Arkansas EPSCoR staff hosted an interactive booth at EAST Conference 2022, a K12 STEM education conference with over 2000 attendees, and directly engaged hundreds of students in data science learning. Using handouts based on math, information visualization, and data science, our team presented basic concepts in a fun setting. Students demonstrated their understanding by answering questions, for which they earned specially designed (and highly sought-after) badge ribbons.

Students playing the “Sort it Out” game at the booth.

Students answer questions about the displayed charts and graphs.
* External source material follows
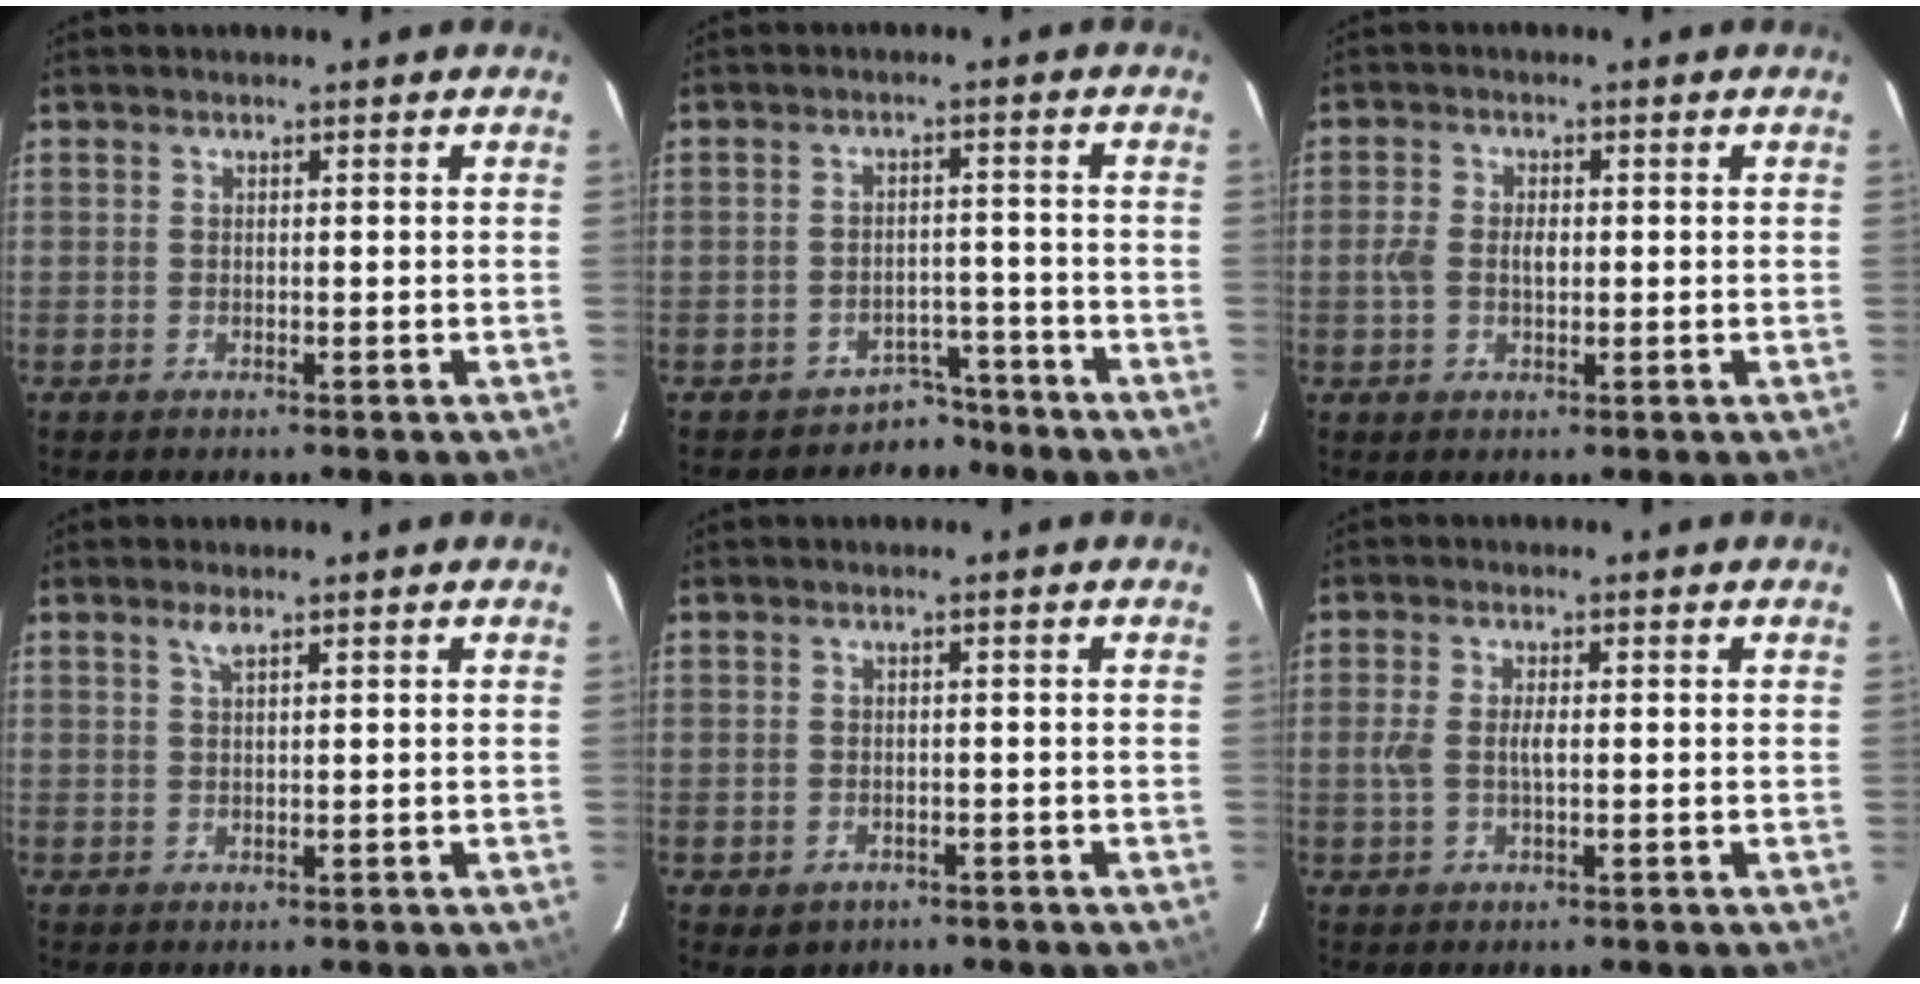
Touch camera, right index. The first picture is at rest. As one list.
[{"total": 5.1, "force": [-4.1, 3.0, -0.3], "torque": [0.008, 0.031, -0.056]}, {"total": 3.9, "force": [-0.3, 2.6, 3.0], "torque": [-0.062, 0.007, -0.007]}, {"total": 1.4, "force": [1.0, 0.2, 1.0], "torque": [-0.021, 0.004, 0.019]}, {"total": 3.2, "force": [-1.5, 2.6, 1.1], "torque": [-0.026, -0.003, -0.013]}, {"total": 3.5, "force": [-0.1, 1.5, 3.2], "torque": [-0.066, 0.002, -0.002]}]

As we endeavor to build our research capacity and infrastructure throughout the state, we are mindful that sustainability is a vital component of our work. Humans aren’t often thought of as “infrastructure,” but they are essential to the operation of a true, multi-institution, multi-disciplinary data science research center, which is what we are creating with DART. We need our citizens to keep working toward and improving upon the goal to sustain it, so we must make sure we are inspiring our younger citizens to explore data science.   That can be intimidating to some students, many of whom don’t believe they are capable of or even interested in data science. 
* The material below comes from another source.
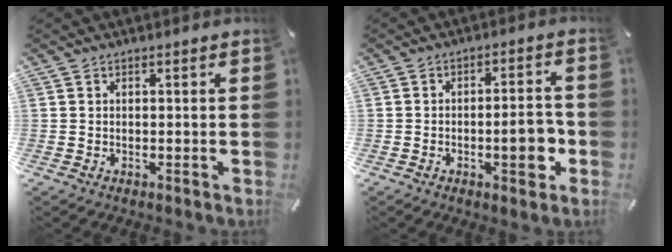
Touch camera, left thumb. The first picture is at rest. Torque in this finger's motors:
{"motor_torque": [-0.12, 0.23, -0.14, 0.09, 0.04]}

Unfortunately, there are essential foundations that many students are missing, which makes it more difficult for them to study data science in college. In our experience, for example, students enter college without adequate math skills (specifically calculus) to pursue a degree in data science. That is why we decided to implement these hands-on games and activities for the students.
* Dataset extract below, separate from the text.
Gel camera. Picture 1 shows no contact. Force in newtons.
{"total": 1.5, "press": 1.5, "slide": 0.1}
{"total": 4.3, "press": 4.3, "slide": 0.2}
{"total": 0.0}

Our goal was to have several fun, interactive activities and games for students that made basic data science principles accessible to them, no matter their initial level of comfort with the concept of “data science.” In order to make it as engaging as possible and to demonstrate that data science is NOT computer science, we purposely created activities that used no technology. For example, the most popular activity involved students sorting random dollar-store objects into categories of their choosing, which enabled us to discuss concepts such as attributes, and ultimately algorithms. The students were clearly amazed with themselves when we illustrated that they were literally doing data science.

We feel that building K12 students’ confidence in their own abilities is key to fostering their sense of what is possible, which will hopefully steer more of them toward a degree in data science, thus ensuring sustainability of our human “infrastructure.”